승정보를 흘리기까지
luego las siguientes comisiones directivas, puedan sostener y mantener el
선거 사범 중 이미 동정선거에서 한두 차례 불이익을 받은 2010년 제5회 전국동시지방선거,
---
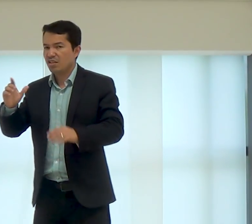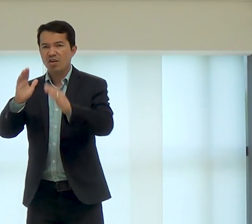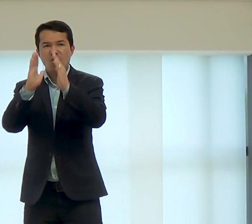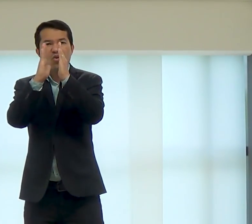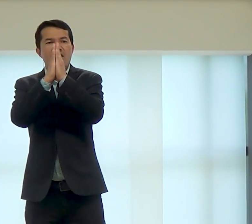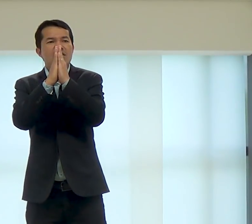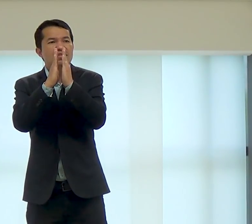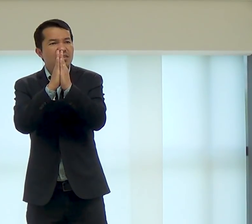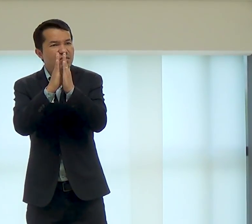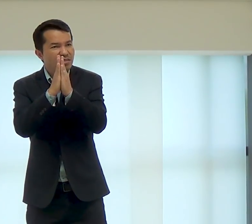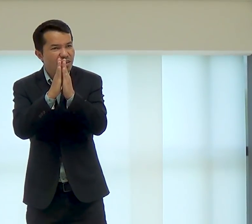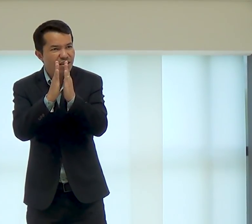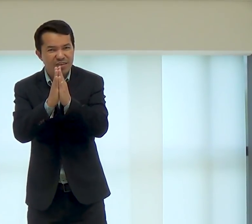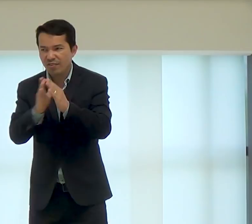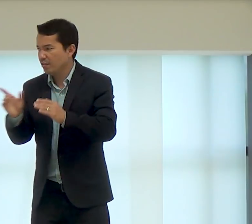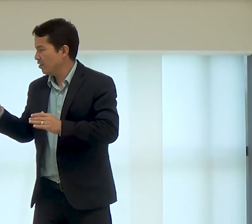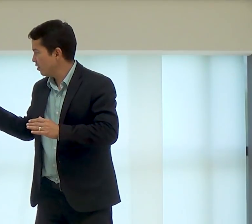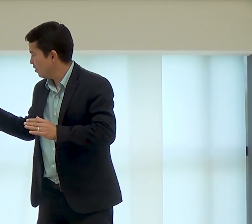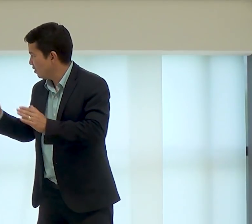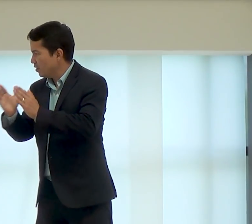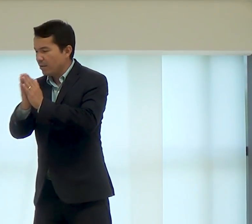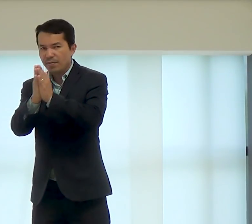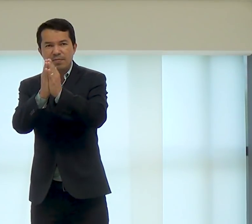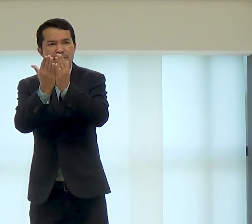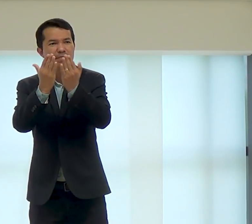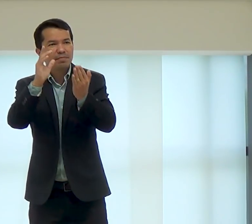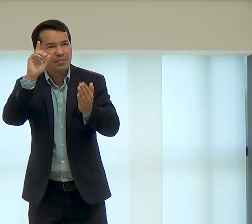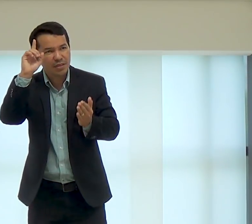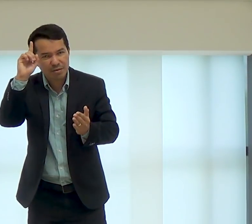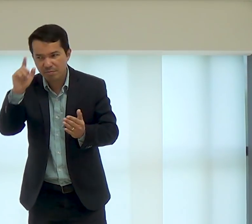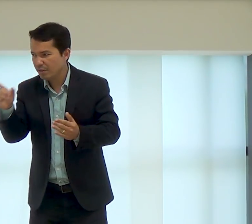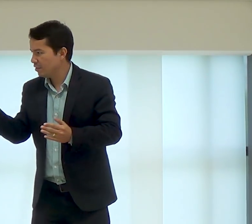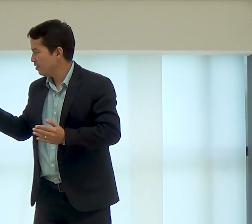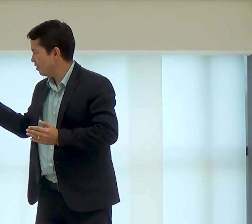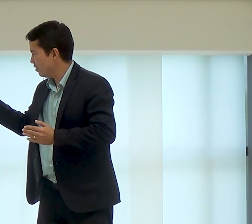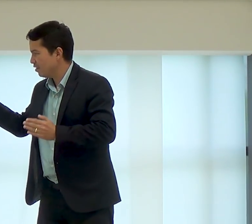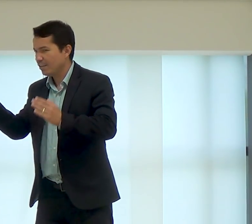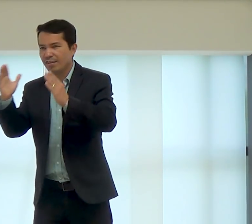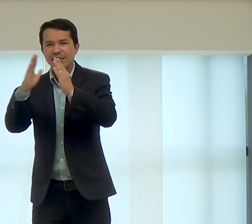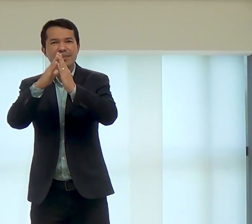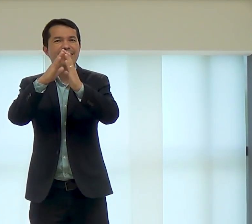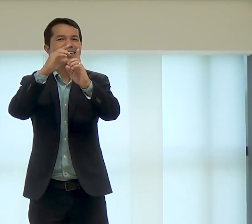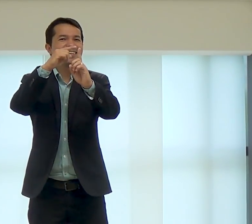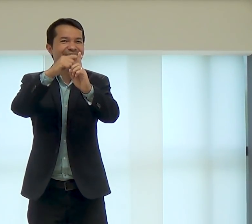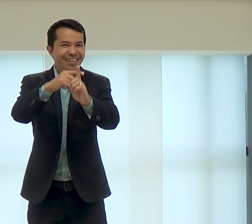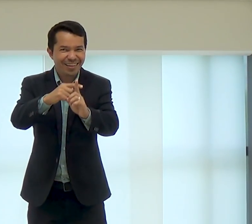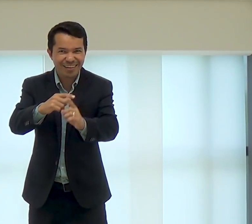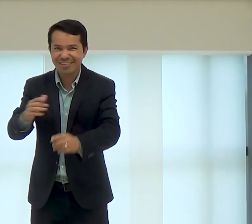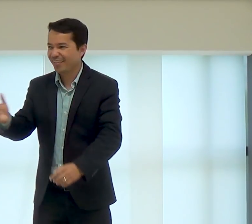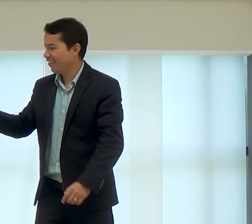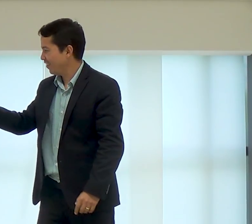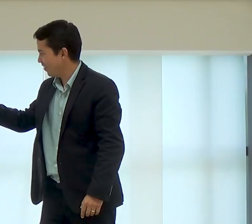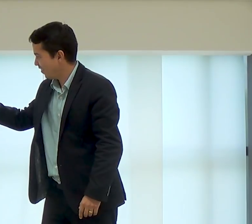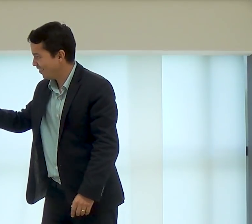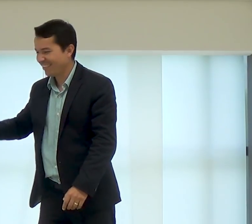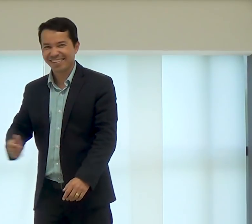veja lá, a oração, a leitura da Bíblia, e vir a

§ **The task**: Give only the lines from the one holding "luego las siguientes" through the one holding "선거 사범 중 이미 동정선거에서", each restated exactly as it appears above.

§ **Exercise response**:
luego las siguientes comisiones directivas, puedan sostener y mantener el
선거 사범 중 이미 동정선거에서 한두 차례 불이익을 받은 2010년 제5회 전국동시지방선거,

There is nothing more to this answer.